(Records from a dataset)
=== Begin Enclosure ===

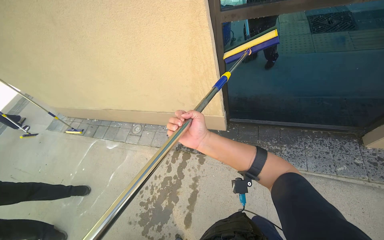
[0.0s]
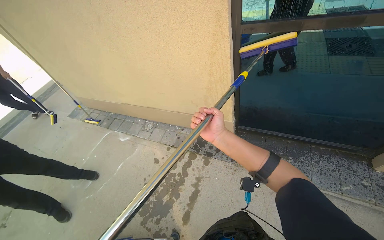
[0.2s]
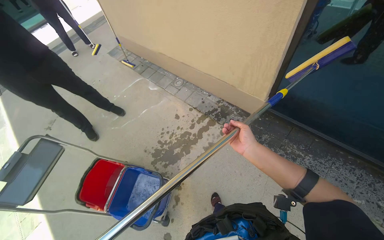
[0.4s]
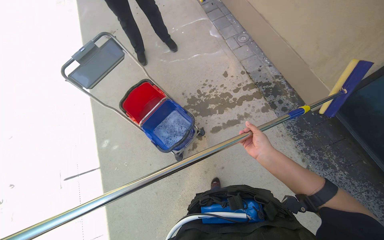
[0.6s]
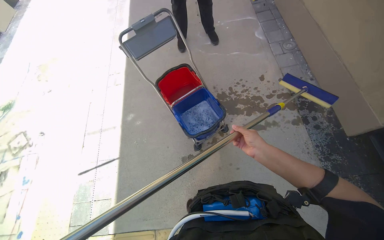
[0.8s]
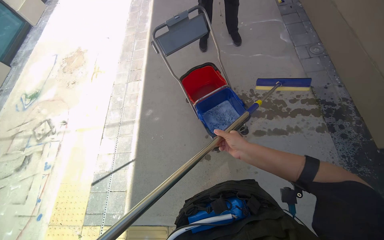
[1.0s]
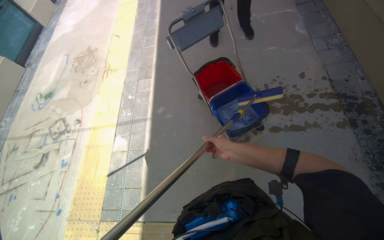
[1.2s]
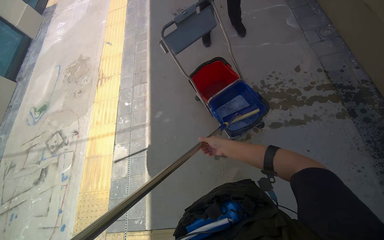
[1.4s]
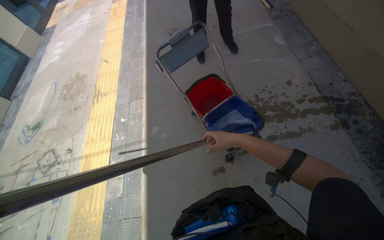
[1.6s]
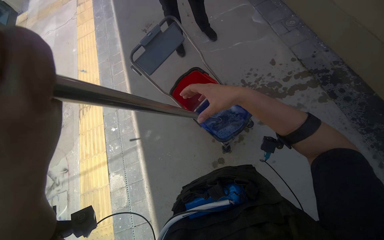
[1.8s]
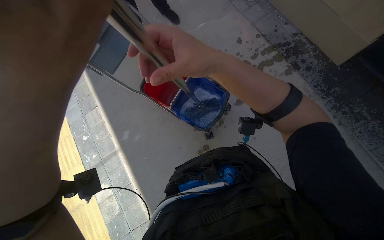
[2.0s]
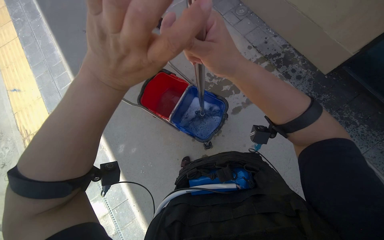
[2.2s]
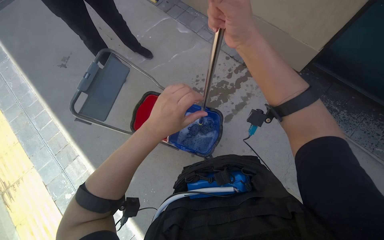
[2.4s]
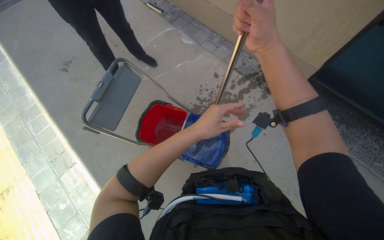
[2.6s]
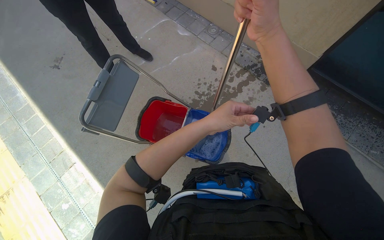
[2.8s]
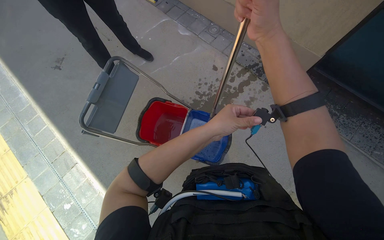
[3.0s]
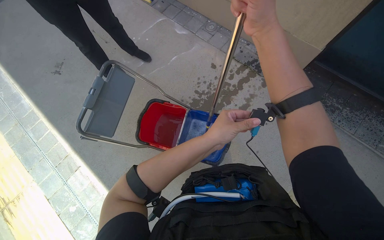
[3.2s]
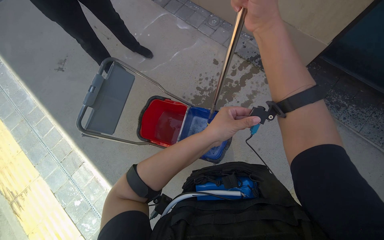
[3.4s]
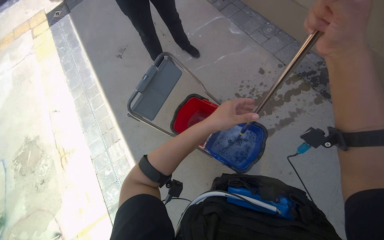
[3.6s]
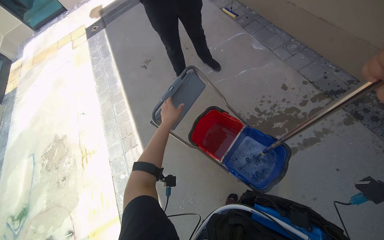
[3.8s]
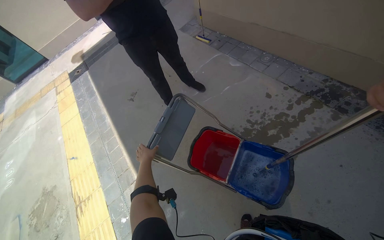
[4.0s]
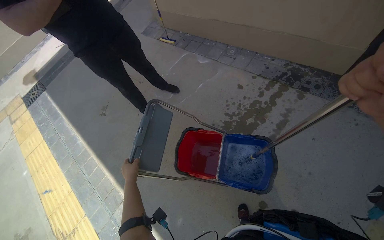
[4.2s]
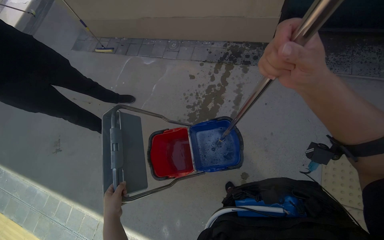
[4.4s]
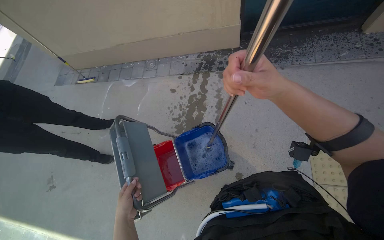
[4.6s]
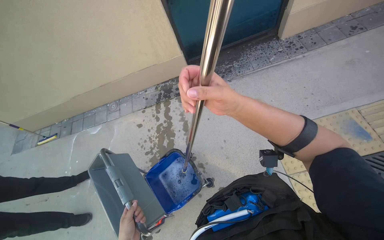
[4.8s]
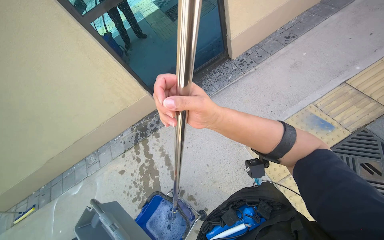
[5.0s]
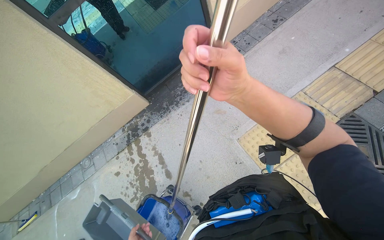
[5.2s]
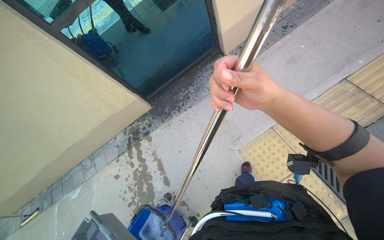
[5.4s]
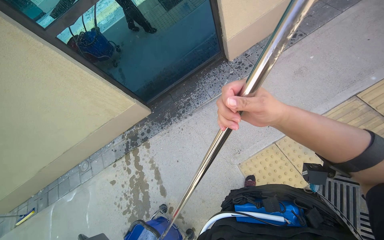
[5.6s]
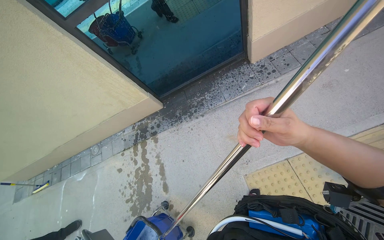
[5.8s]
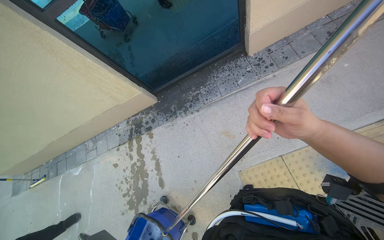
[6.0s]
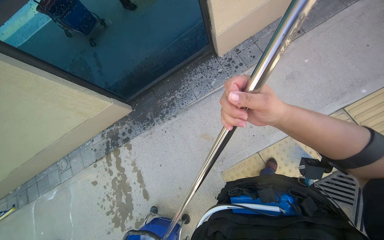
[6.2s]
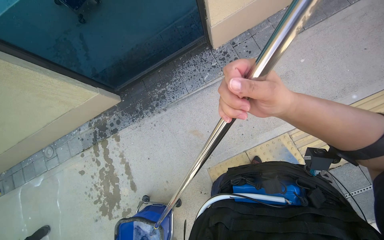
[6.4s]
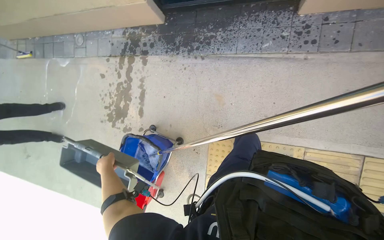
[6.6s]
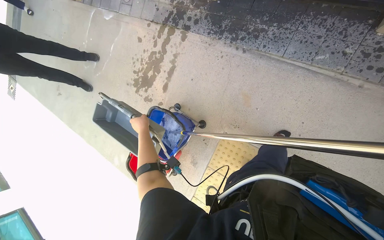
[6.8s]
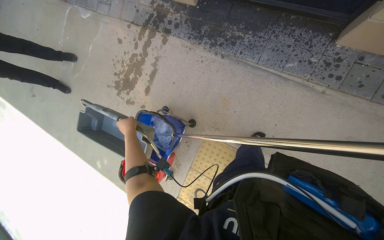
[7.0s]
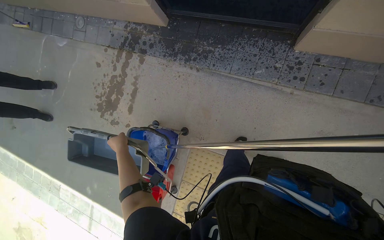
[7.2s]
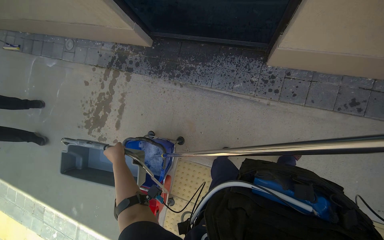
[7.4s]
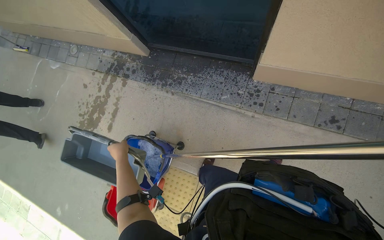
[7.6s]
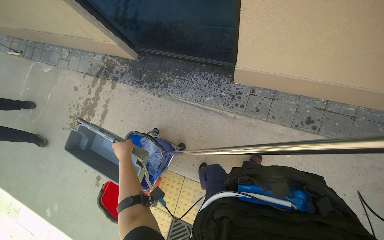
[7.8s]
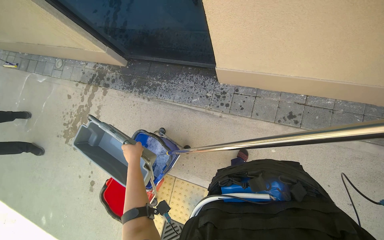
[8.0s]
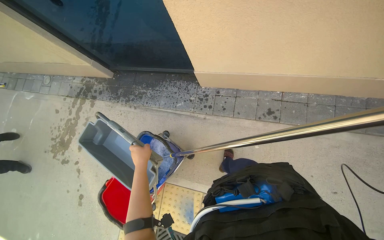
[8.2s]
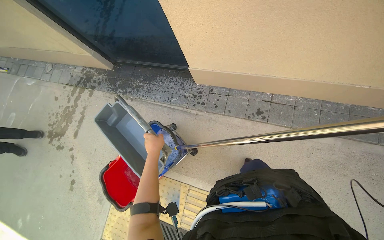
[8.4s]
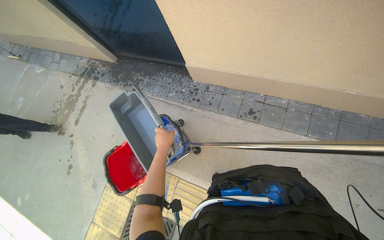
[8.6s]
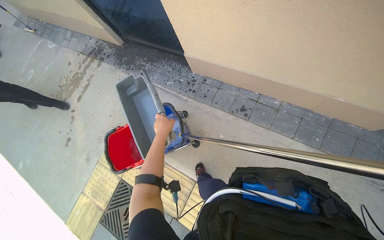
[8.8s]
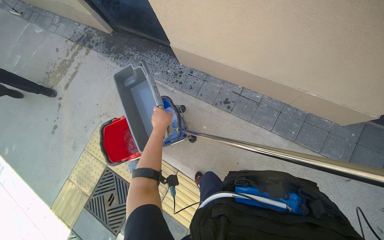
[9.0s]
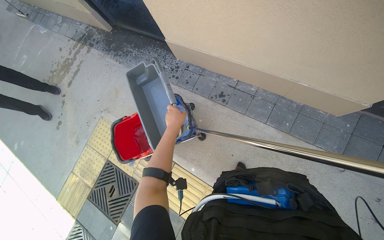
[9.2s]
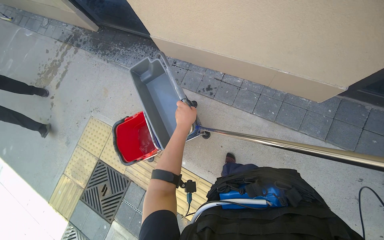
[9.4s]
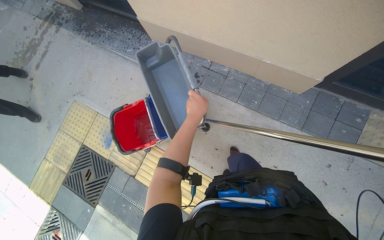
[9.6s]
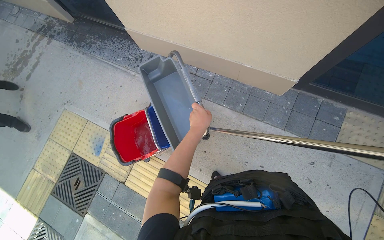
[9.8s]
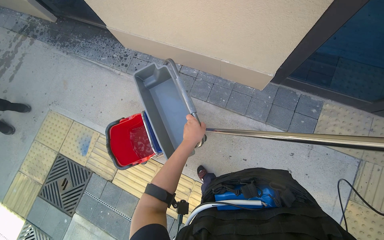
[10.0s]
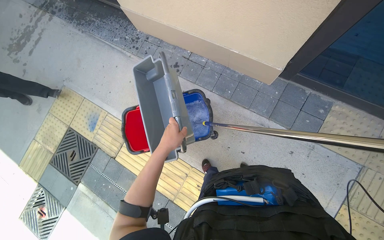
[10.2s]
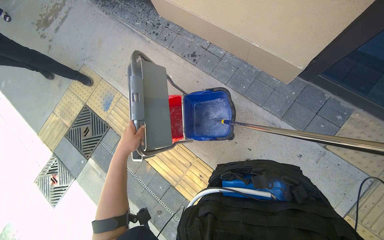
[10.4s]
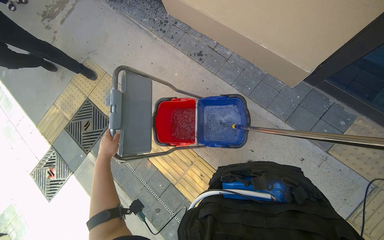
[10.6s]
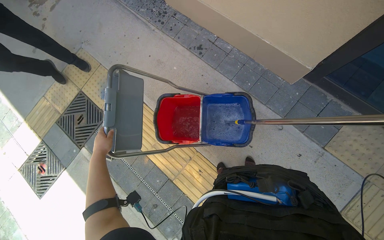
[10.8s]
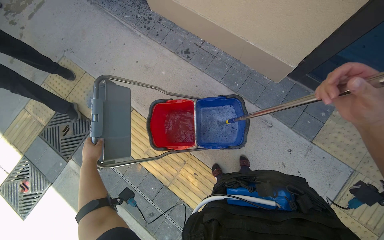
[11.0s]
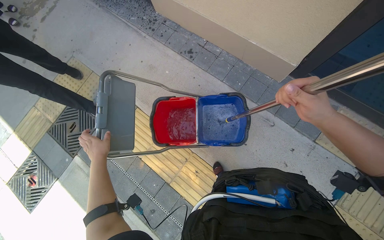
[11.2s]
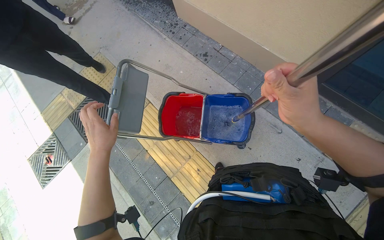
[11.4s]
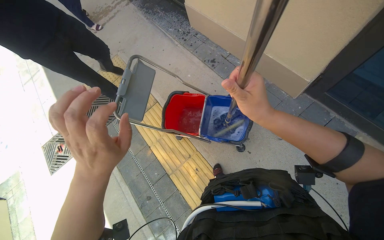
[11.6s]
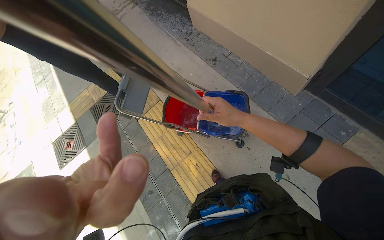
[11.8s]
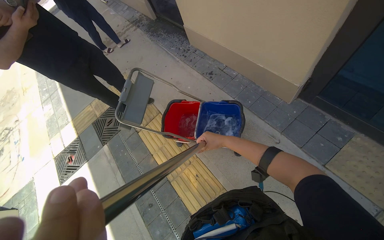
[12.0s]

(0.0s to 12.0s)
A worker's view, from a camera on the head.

=== End Enclosure ===

WHAT YOU HAVE TO DO |
All of the lines above must be printed again exactly, and no picture may appear in the copy.

SOLUTION FOR THIS EXERCISE |
[0.0s]
[0.2s]
[0.4s]
[0.6s]
[0.8s]
[1.0s]
[1.2s]
[1.4s]
[1.6s]
[1.8s]
[2.0s]
[2.2s]
[2.4s]
[2.6s]
[2.8s]
[3.0s]
[3.2s]
[3.4s]
[3.6s]
[3.8s]
[4.0s]
[4.2s]
[4.4s]
[4.6s]
[4.8s]
[5.0s]
[5.2s]
[5.4s]
[5.6s]
[5.8s]
[6.0s]
[6.2s]
[6.4s]
[6.6s]
[6.8s]
[7.0s]
[7.2s]
[7.4s]
[7.6s]
[7.8s]
[8.0s]
[8.2s]
[8.4s]
[8.6s]
[8.8s]
[9.0s]
[9.2s]
[9.4s]
[9.6s]
[9.8s]
[10.0s]
[10.2s]
[10.4s]
[10.6s]
[10.8s]
[11.0s]
[11.2s]
[11.4s]
[11.6s]
[11.8s]
[12.0s]

(0.0s to 12.0s)
A worker's view, from a camera on the head.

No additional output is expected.